What you should do: Every line of the listing should be retyped exactly, but none of the pictures should be.

Data provided:
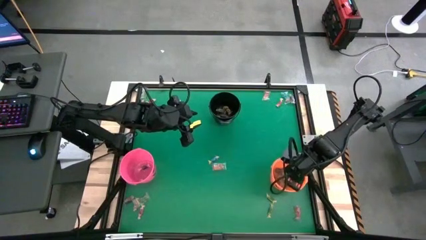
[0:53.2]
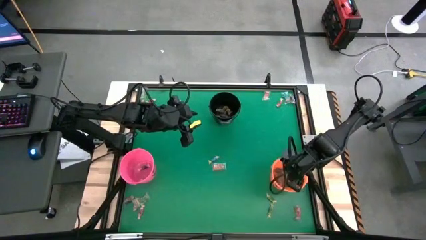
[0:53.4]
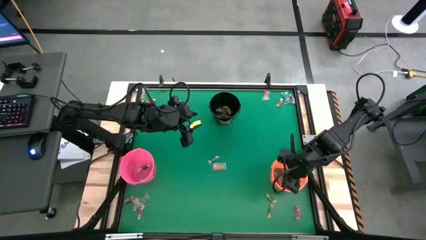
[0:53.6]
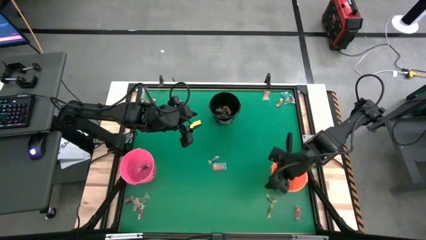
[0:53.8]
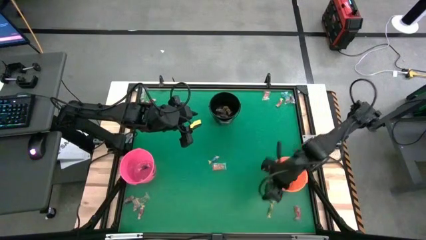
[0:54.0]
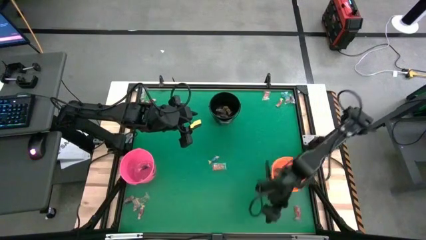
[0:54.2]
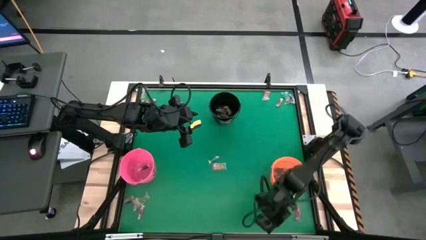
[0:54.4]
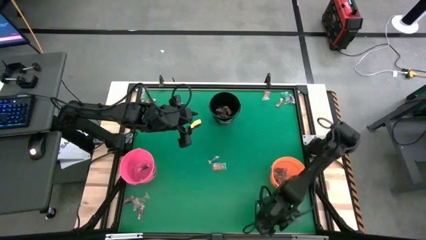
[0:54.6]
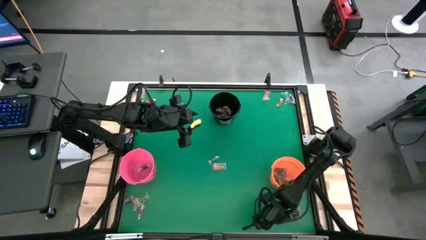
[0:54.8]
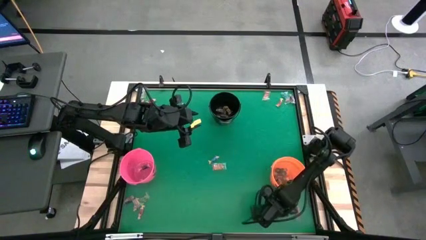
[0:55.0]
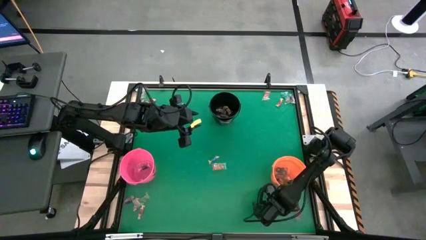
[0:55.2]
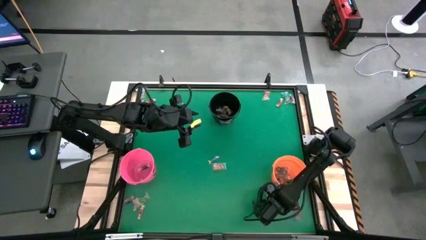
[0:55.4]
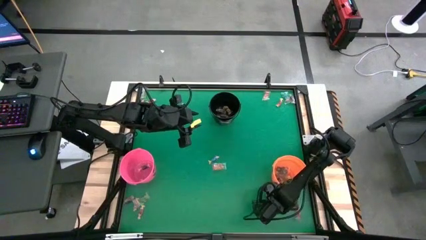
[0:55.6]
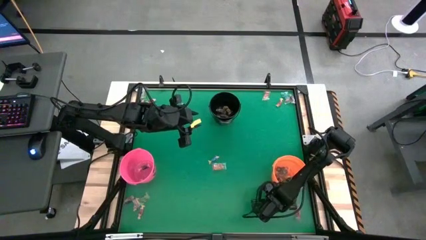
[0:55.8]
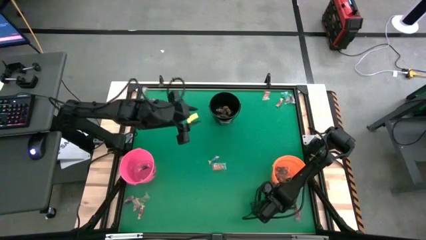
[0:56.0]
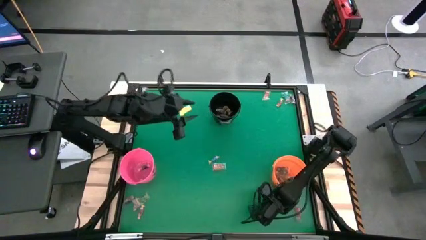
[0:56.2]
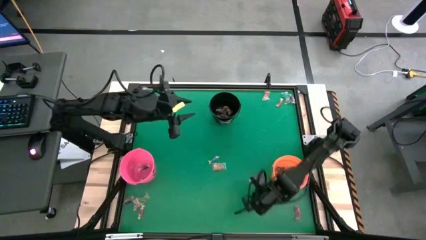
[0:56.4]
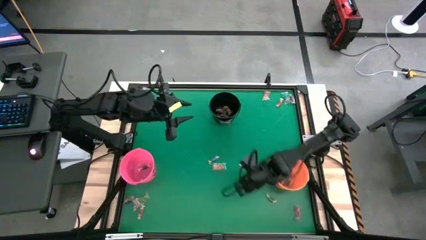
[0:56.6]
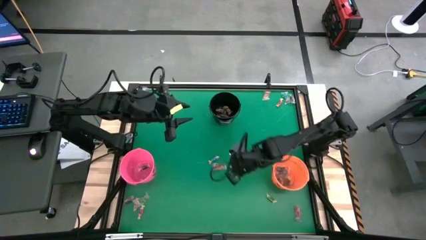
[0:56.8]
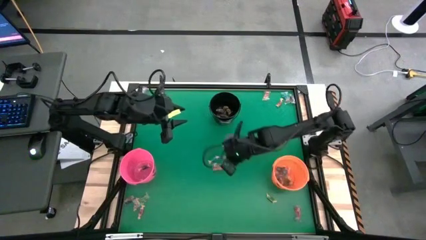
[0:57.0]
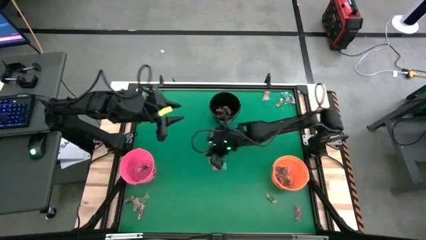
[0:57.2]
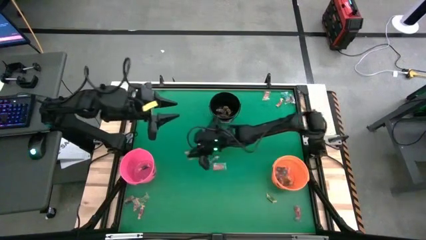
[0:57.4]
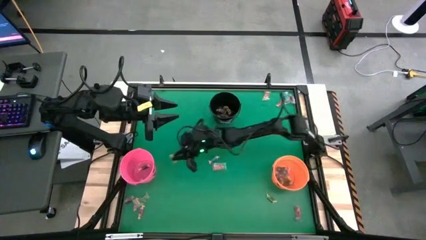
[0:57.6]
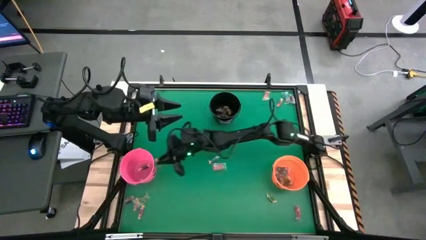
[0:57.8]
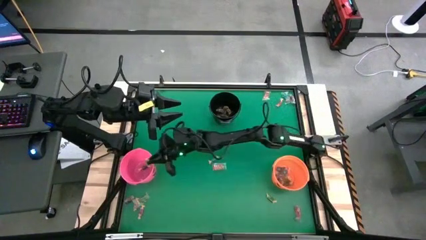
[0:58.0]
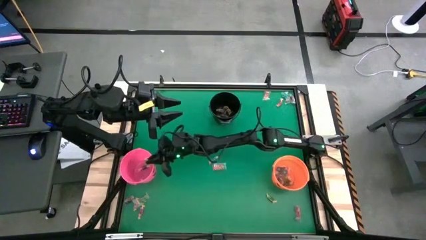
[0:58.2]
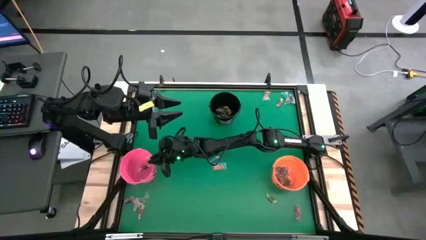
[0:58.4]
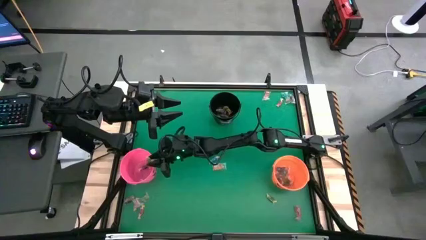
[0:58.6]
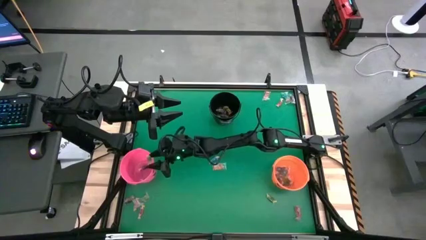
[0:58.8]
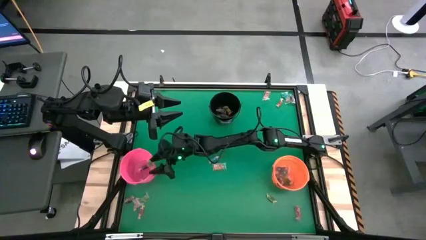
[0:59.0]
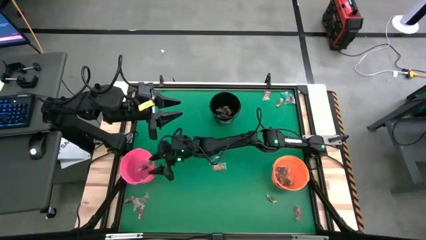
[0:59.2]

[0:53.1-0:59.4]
Task: Sort candy by brand, put in halloween buckets
Put the green candy into the pink bucket

Response to this task:
[0:53.2]
[0:53.4]
[0:53.6]
[0:53.8]
[0:54.0]
[0:54.2]
[0:54.4]
[0:54.6]
[0:54.8]
[0:55.0]
[0:55.2]
[0:55.4]
[0:55.6]
[0:55.8]
[0:56.0]
[0:56.2]
[0:56.4]
[0:56.6]
[0:56.8]
[0:57.0]
[0:57.2]
[0:57.4]
[0:57.6]
[0:57.8]
[0:58.0]
[0:58.2]
[0:58.4]
[0:58.6]
[0:58.8]
[0:59.0]
[0:59.2]

[0:53.1-0:59.4]
Task: Sort candy by brand, put in halloween buckets
Put the green candy into the pink bucket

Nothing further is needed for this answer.